» Exercise description
Your answer must be an exact transcription of every record below, with the pictures omitted.

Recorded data
====

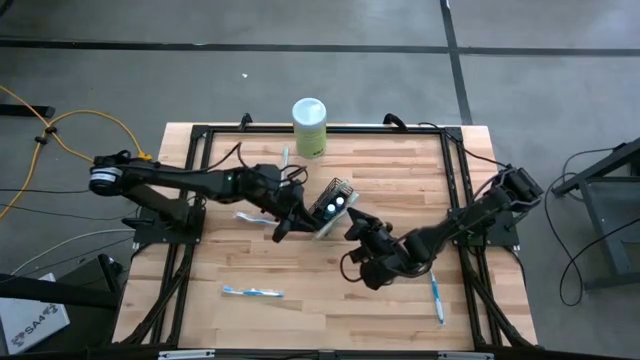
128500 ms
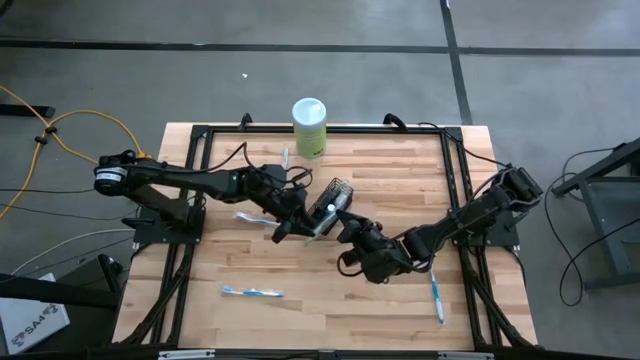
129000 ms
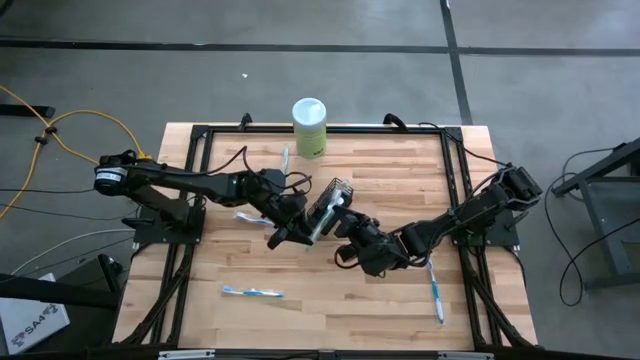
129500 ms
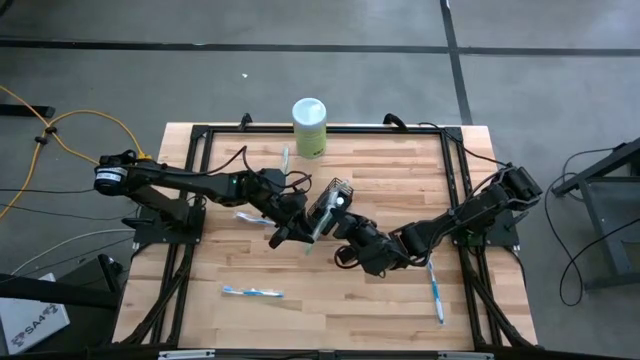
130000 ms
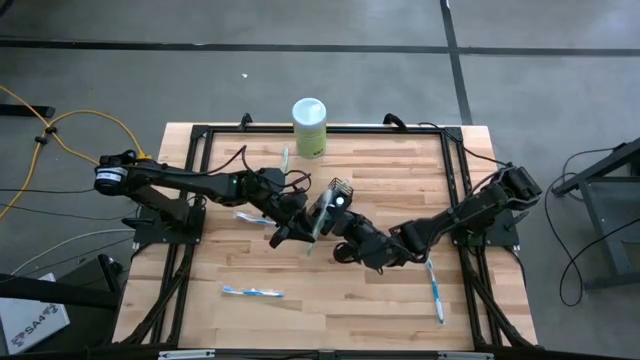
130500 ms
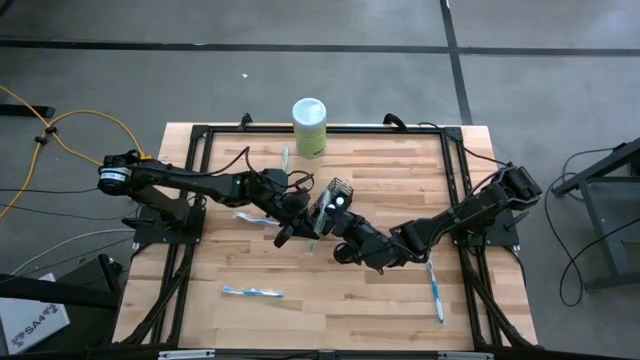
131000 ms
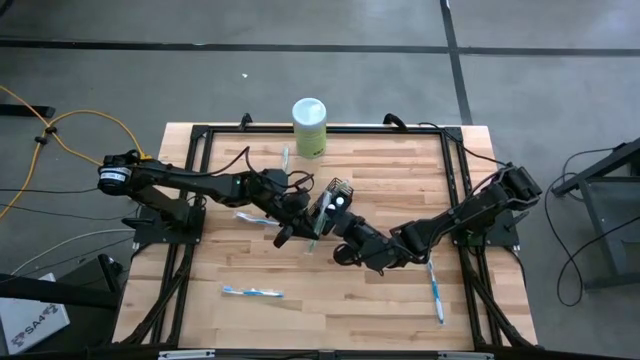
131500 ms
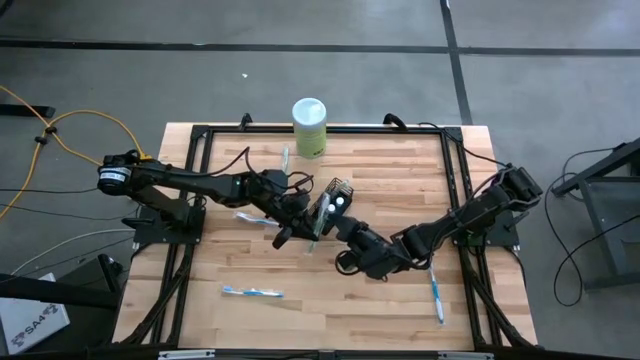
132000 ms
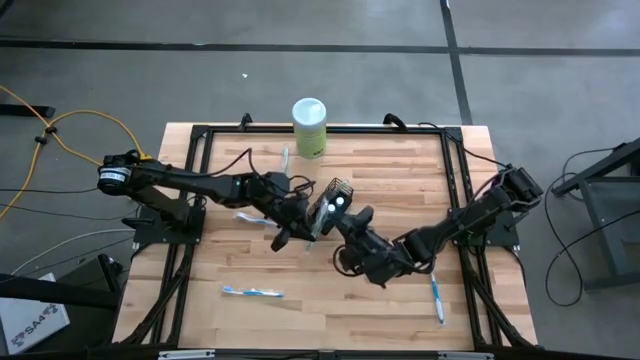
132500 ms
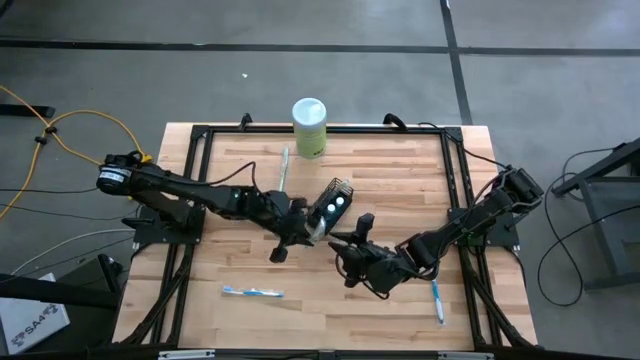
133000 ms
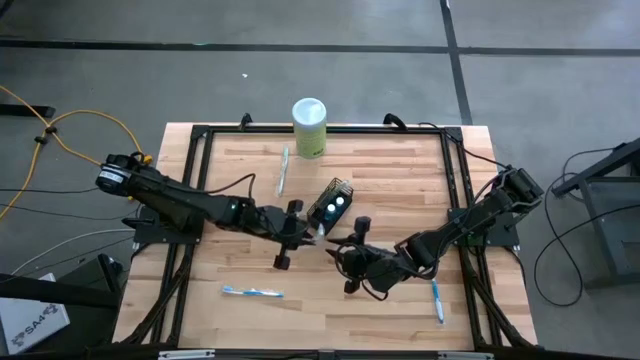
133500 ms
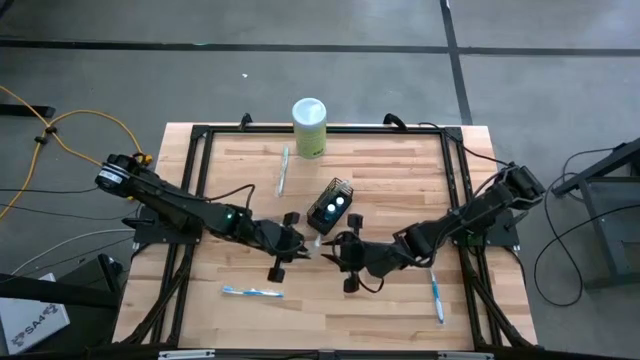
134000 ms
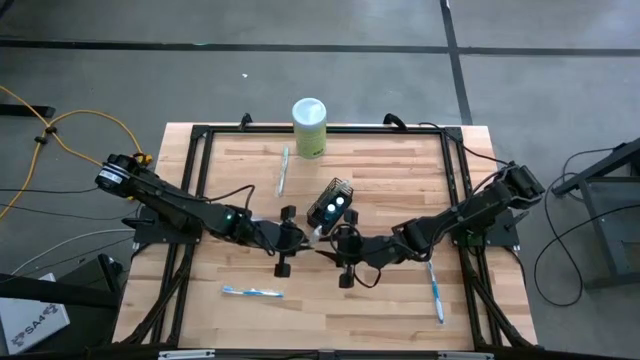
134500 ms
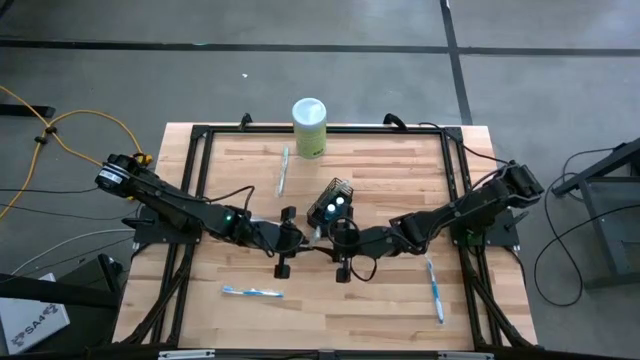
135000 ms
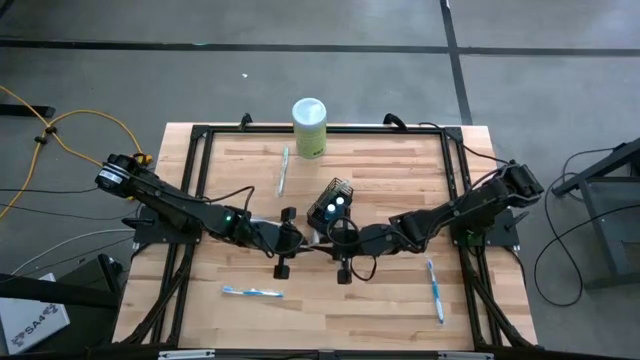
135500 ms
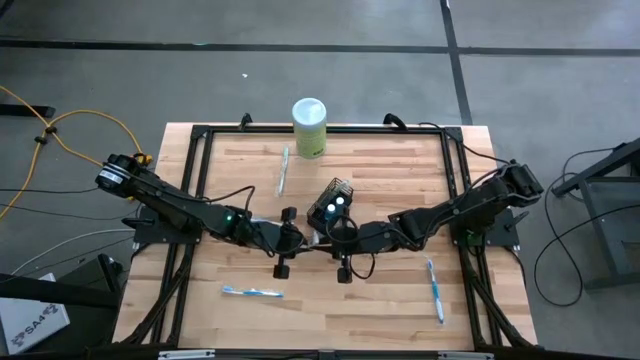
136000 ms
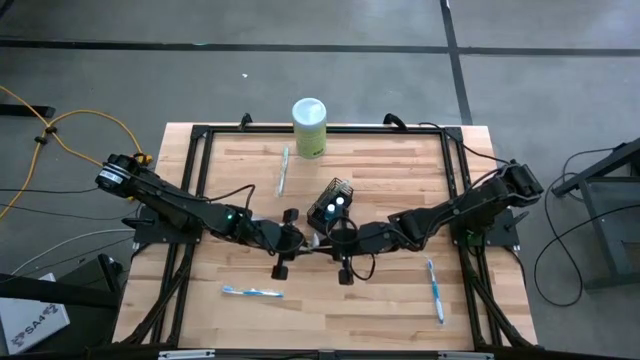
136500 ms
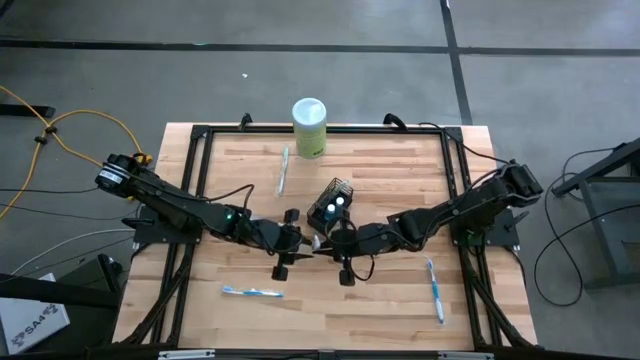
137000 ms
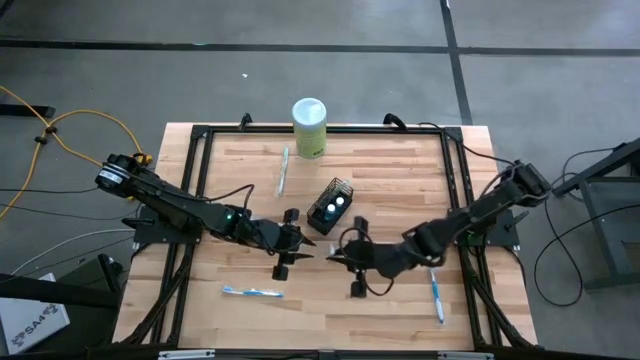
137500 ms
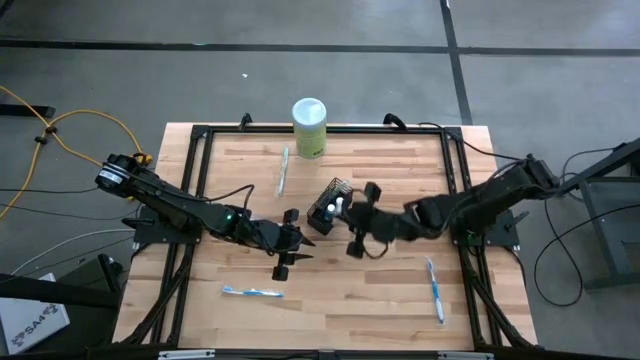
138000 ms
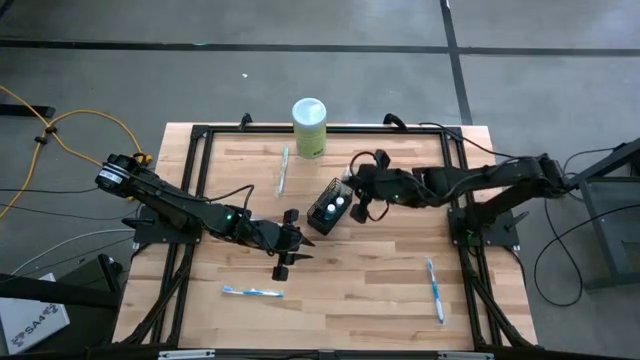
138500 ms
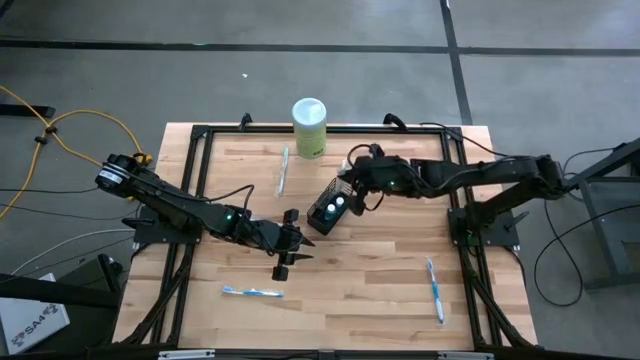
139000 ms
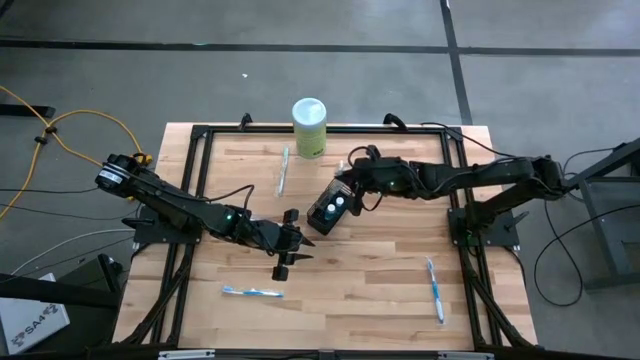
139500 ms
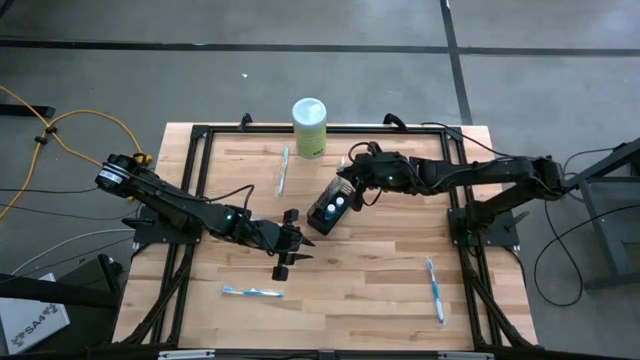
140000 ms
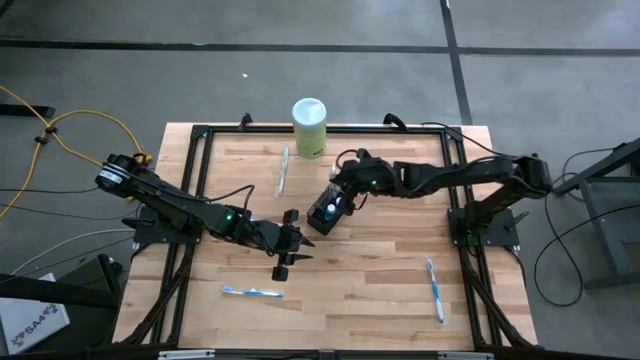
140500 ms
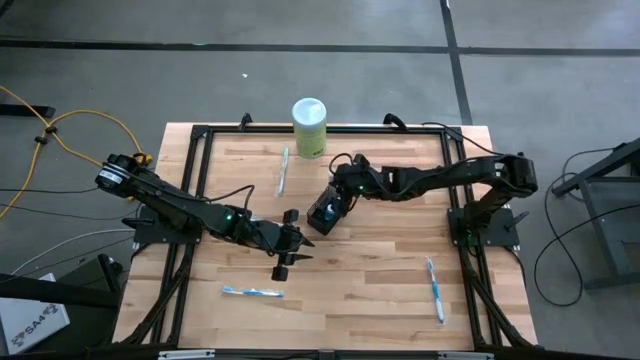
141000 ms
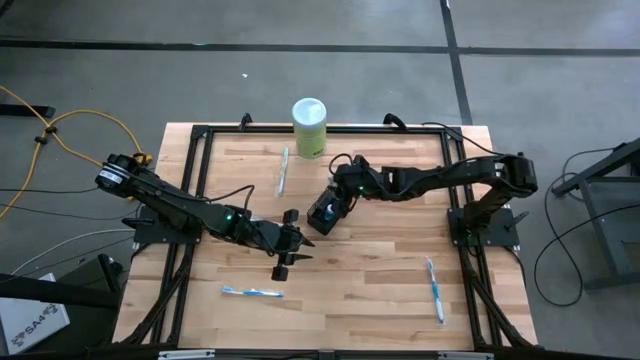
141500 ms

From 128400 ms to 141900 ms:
Task: Pick & Place toothbrushing station
Put the bottom right green toothbrush into the right section of the black wire organizer

====

» Output
128500 ms
129000 ms
129500 ms
130000 ms
130500 ms
131000 ms
131500 ms
132000 ms
132500 ms
133000 ms
133500 ms
134000 ms
134500 ms
135000 ms
135500 ms
136000 ms
136500 ms
137000 ms
137500 ms
138000 ms
138500 ms
139000 ms
139500 ms
140000 ms
140500 ms
141000 ms
141500 ms

From 128400 ms to 141900 ms:
Task: Pick & Place toothbrushing station
Put the bottom right green toothbrush into the right section of the black wire organizer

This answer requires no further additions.